# getting back into the saddle!



## Lissyg (10 January 2015)

Hi everyone!

I am a newbie here I decieded to take the plunge and get back on the saddle after 3/4 years!
I studied equestrian management at college and rode from a young age of 4 but faded out from around 23 due to work commitments!

I'm very excited and have booked my first group lesson for next Friday. I have started doing squats at home to strengthen my legs ready as I'm fully aware i am going to feel strain!! Ha
I am also super excited to start my partners 4 year old little girl into the riding world! She has her first lesson the next day with 4-7 years group.
Any advise would be great on helping her and myself with our new chapter!


----------



## Redders (10 January 2015)

Do some side lunges to stretch and work your inner things. Run up stairs as much as you can, and walk up them two or three at a time. Stand on the edge of a step with the ball of your foot and let your heel drop, then raise it again, this will help stretch and lengthen your calves. Also get individual lessons if you can afford it, you will progress much faster. Good luck!! I returned after a break too. Oh, and be prepared for it to take over your life!


----------



## Firefly9410 (10 January 2015)

Congratulations on getting back into horses! Hope you enjoy your ride and are not too achey after. The main thing is to be safe and comfortable. Stretchy clothes with seams that will not rub, footwear with a small heel and no ridges underneath that could get caught in the stirrup. I would buy your own hat ASAP. The riding school will lend you one but I am skeptical about whether they get replaced if someone falls off and bangs their head. Not that I am saying you will fall off!  I am sure you will be given a super safe horse for your first ride and if you already have some general fitness you will probably have reasonable balance. Group lessons are good fun usually.


----------



## Lissyg (10 January 2015)

redders said:



			Do some side lunges to stretch and work your inner things.

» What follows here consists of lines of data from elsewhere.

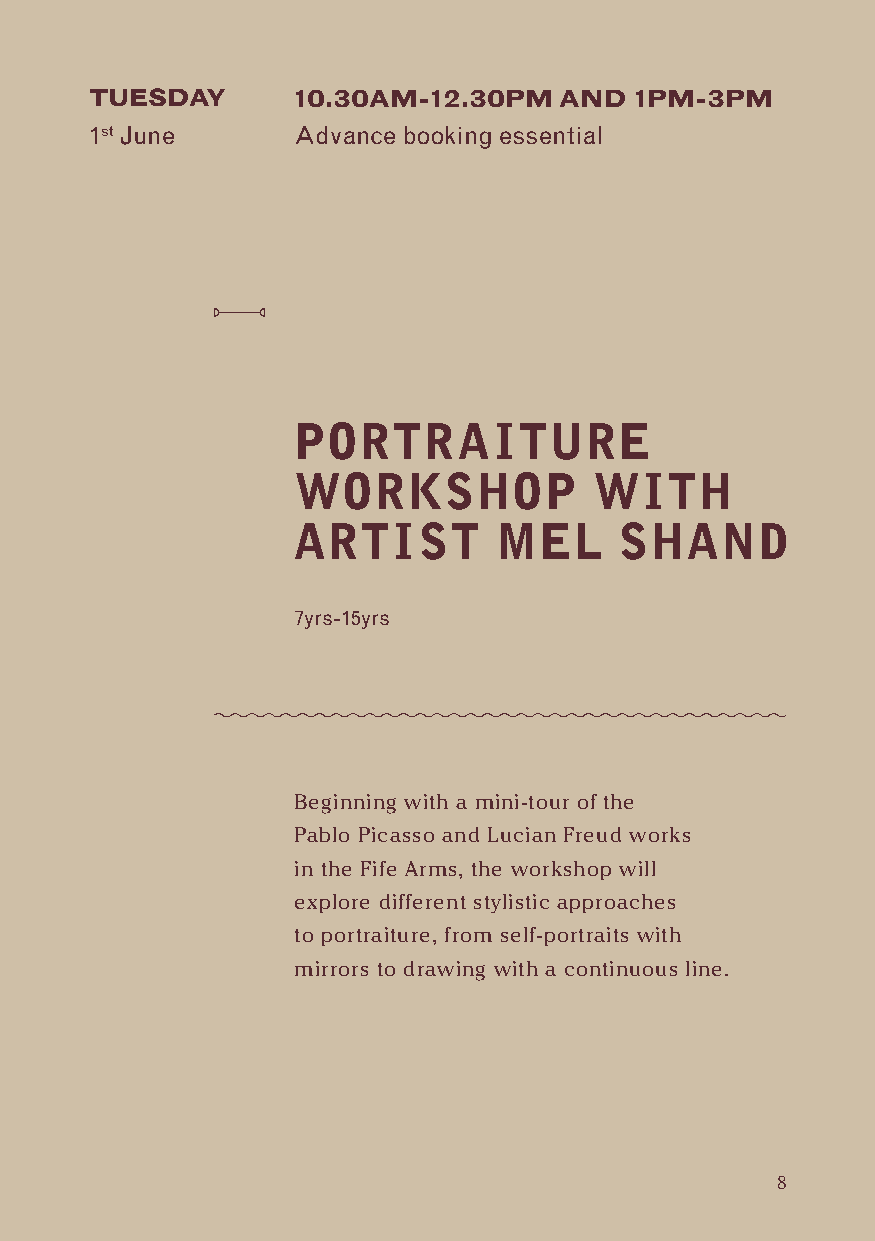
TUESDAY      10.30AM-12.30PM   AND  1PM-3PM
 1st June     Advance booking essential
 PORTRAITURE
 WORKSHOP            WITH
 ARTIST        MEL     SHAND
 7yrs-15yrs
 Beginning with a mini-tour of the
 Pablo Picasso and Lucian Freud works
 in the Fife Arms, the workshop will
 explore different stylistic approaches
 to portraiture, from self-portraits with
 mirrors to drawing with a continuous line.
 8
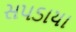
સપડાયા
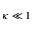
\kappa \ll 1
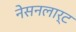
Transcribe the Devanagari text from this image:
नेसनलार्ट
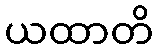
ယထာတိ
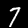
Digit: 7
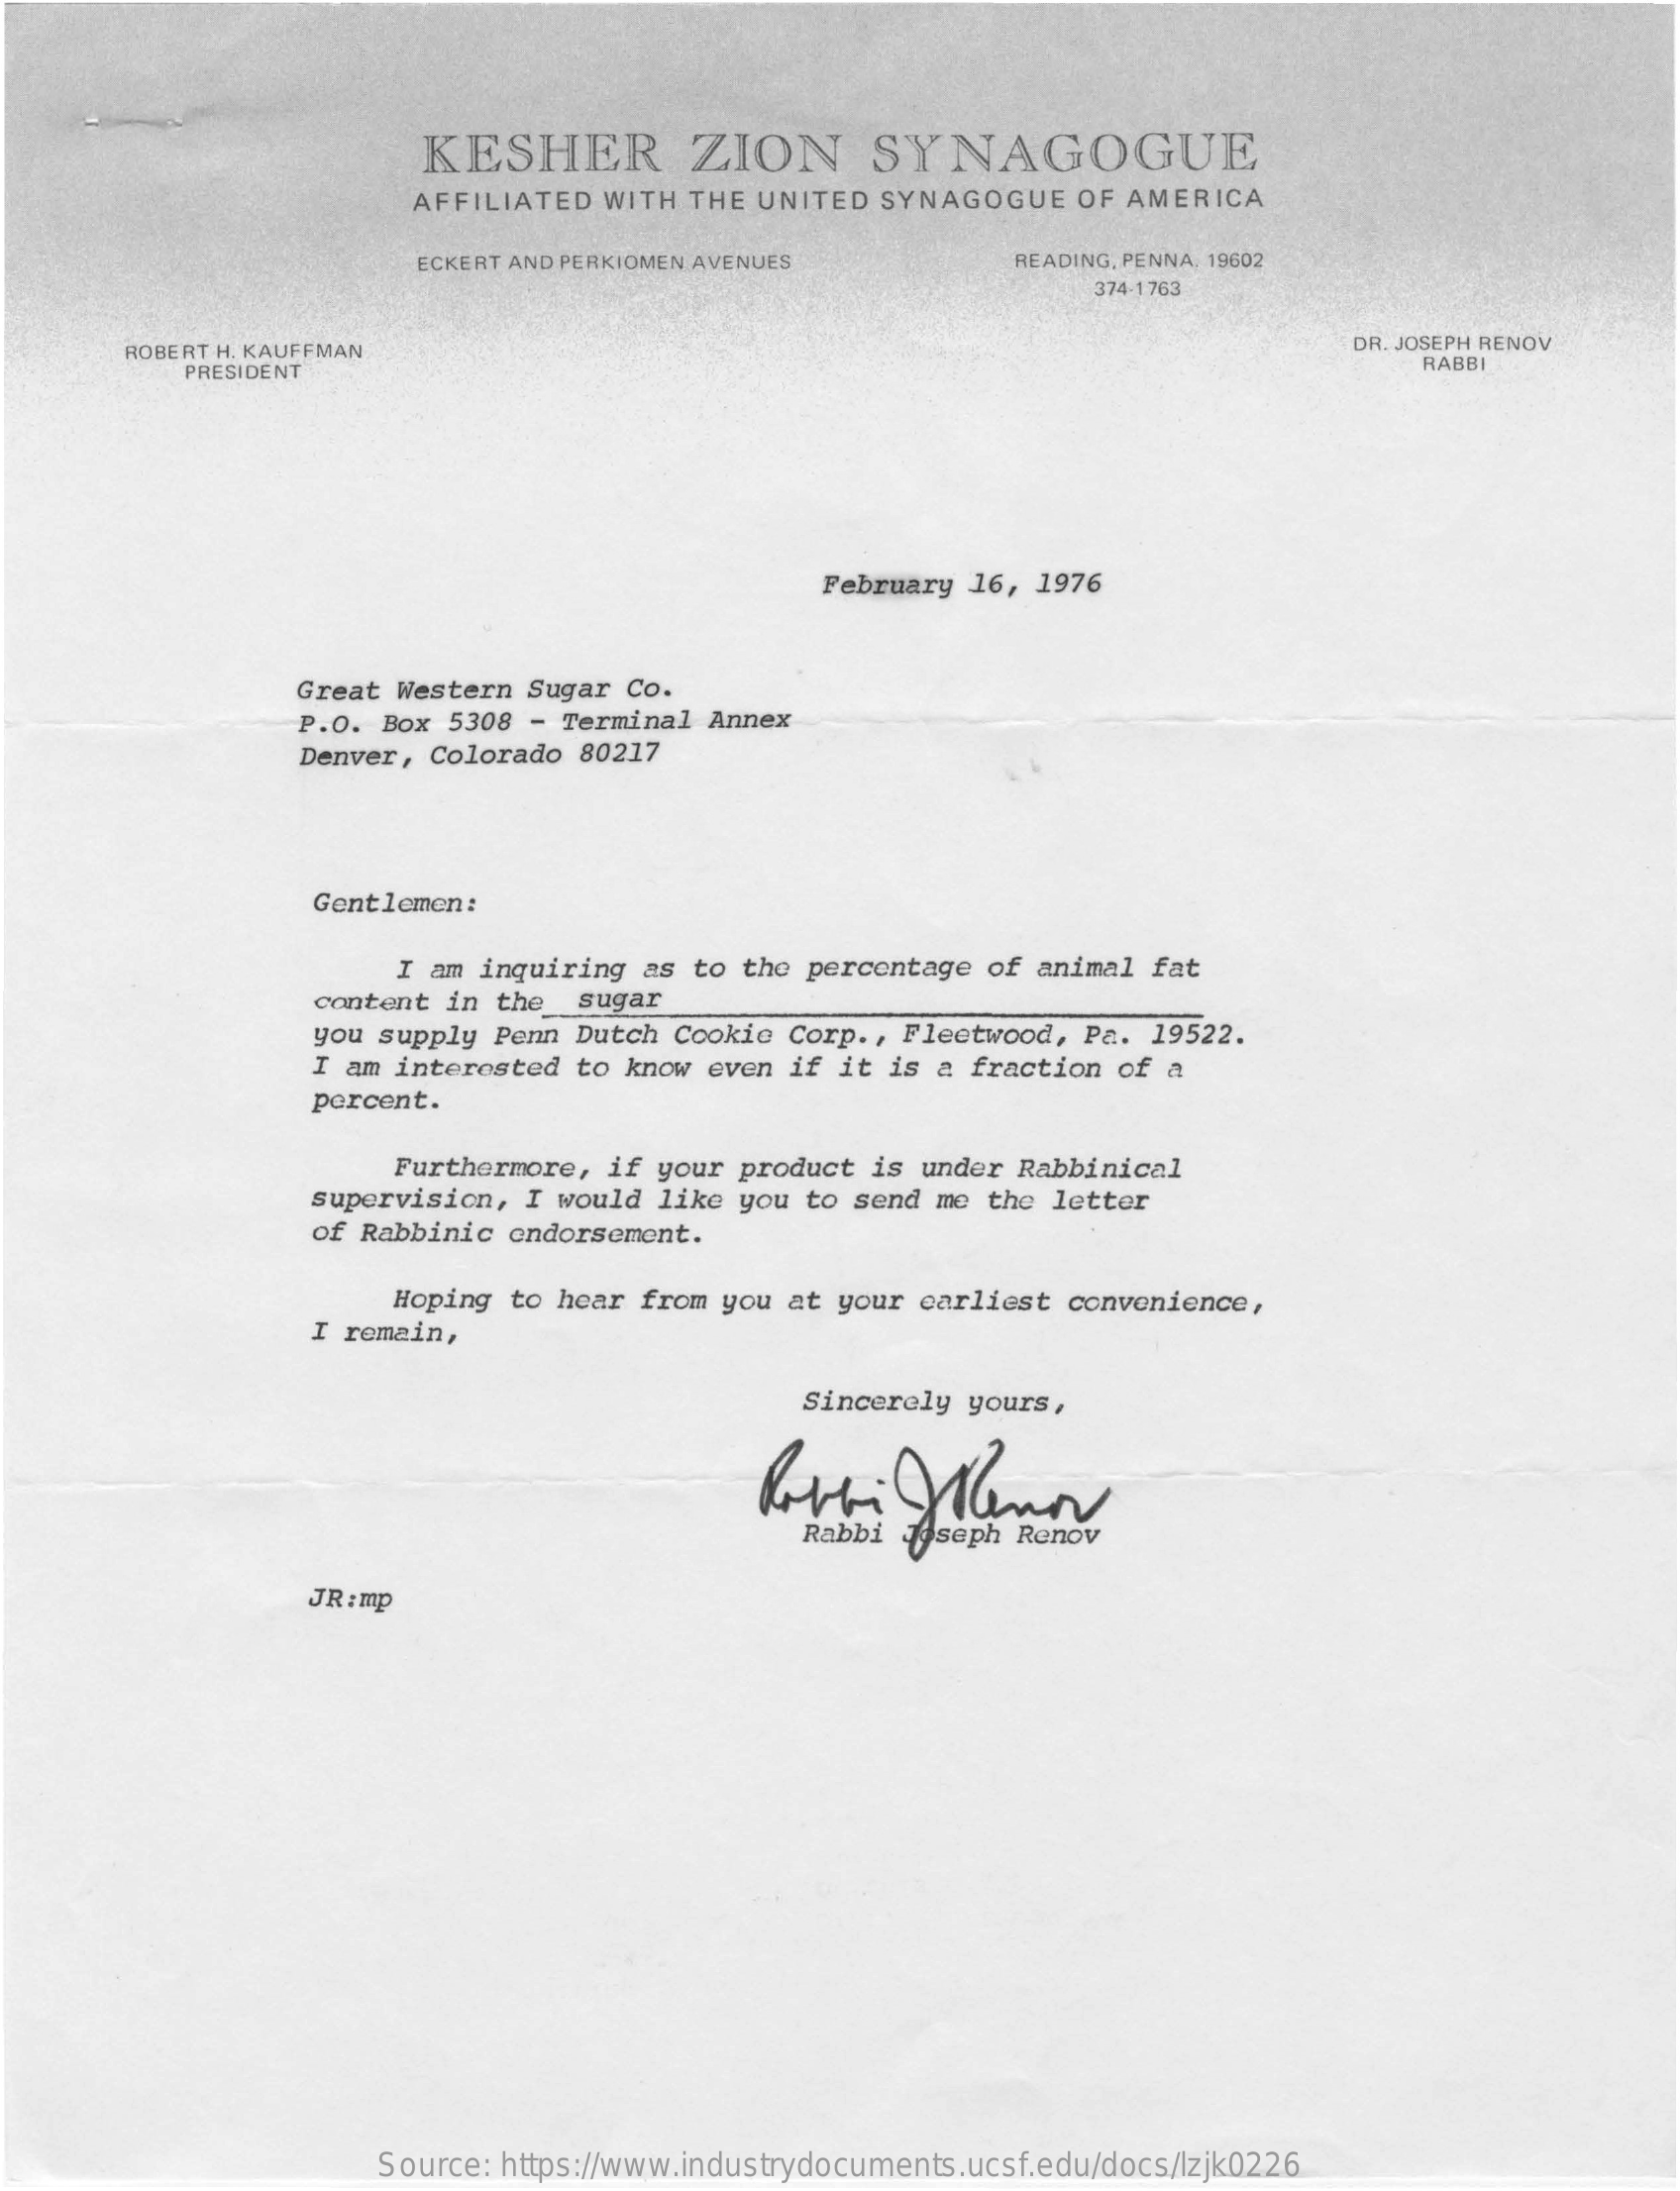
KESHER    ZION    SYNAGOGUE
     AFFILIATED  WITH THE  UNITED SYNAGOGUE    OF AMERICA
     ECKERT AND PERKIOMEN AVENUES    READING, PENNA. 19602
     374-1763
     ROBERT H. KAUFFMAN    DR. JOSEPH RENOV
     PRESIDENT    RABBI
     February 16,  1976
     Great Western  Sugar Co.
     P.O. Box  5308 - Terminal Annex
     Denver,  Colorado 80217
     Gentlemen:
     I am inquiring as  to the percentage of  animal fat
     content  in the  sugar
     you supply  Penn Dutch Cookie  Corp ., Fleetwood, Pa. 19522.
     I am interested to know even  if it is a fraction  of a
     percent.
     Furthermore, if your product  is under Rabbinical
     supervision,  I would like you  to send me the  letter
     of Rabbinic  endorsement.
     Hoping to hear from you  at your earliest convenience,
     I remain,
     Sincerely yours,
     JR :mp
     Source: https://www.industrydocuments.ucsf.edu/docs/lzjk0226
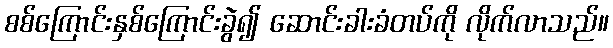
စစ်ကြောင်းနှစ်ကြောင်းခွဲ၍ ဆောင်းခါးခံတပ်ကို လိုက်လာသည်။
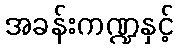
အခန်းကဏ္ဍနှင့်
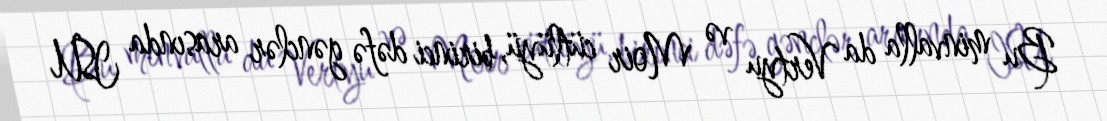
Bu minvalla da Vertyu və Moir cütlüyü, birinci dəfə gənclər arasında ISU
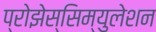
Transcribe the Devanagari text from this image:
प्रोझेस्सिम्युलेशन
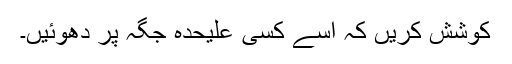
کوشش کریں کہ اسے کسی علیحدہ جگہ پر دھوئیں۔

Run up stairs as much as you can, and walk up them two or three at a time. Stand on the edge of a step with the ball of your foot and let your heel drop, then raise it again, this will help stretch and lengthen your calves. Also get individual lessons if you can afford it, you will progress much faster. Good luck!! I returned after a break too. Oh, and be prepared for it to take over your life!
		
Click to expand...

Thank you I shall be using the six flights of stairs at work every day for this now!!
I will do the individuals probably once or twice a month where money will let me! Hoping as it's not too long of a break it will flood back fingers crossed
How long did it take for you to jump again?


----------



## Lissyg (10 January 2015)

Hi firefly!

Thank you!

I went and purchased the little one skull and body protector today and I'm getting my skull on Wednesday just trying to find my old trusty riding boots and chaps ... Well all being the attic hasn't swallowed them up! I have heard good things about the stables and once I'm back on my feet will be adding a four legged mare to the family.
I know its as wonderful as I remember and really can't wait!
I'm lucky with there being only a couple of people in the group hopefully I won't fall off and make a fool of myself!!! :-/


----------



## Redders (11 January 2015)

I jumped in my first lesson  it does come flooding back in the mind, but obviously the leg aids are fine muscles you don't use in the same way as when you ride no matter how much prep you do! It's only riding that can properly improve them. I found that a little frustrating as I knew what I should be doing but body just wouldn't work properly! It does come back though and so does the guts to tackle jumps etc. I can recommend ayr equestrian.com for really good hats at the best prices I have seen- got a Charles owen 4 star for £109, which really has boosted my confidence after a fall when my fixed peak (never get one of these!!) really rammed into my forehead!


----------



## Redders (11 January 2015)

Oh and just to add- it was literally THE best thing I have ever done, getting back in the saddle. I have had a pretty tough year personally and it has been my saviour. Bought my mare too, had her on loan short term and couldn't part with the little beast 

ETA to say I am so excited for you and keep us updated


----------



## Mrs.E (16 January 2015)

Hi,
I have just got back into it as well after a break of 15 years!! Totally have the bug again and can't wait to own my own again keeping looking on this site for allrounders and schoolmasters&#55357;&#56836;&#55357;&#56836;&#55357;&#56836;&#55357;&#56836;
Hope you have a great lesson


----------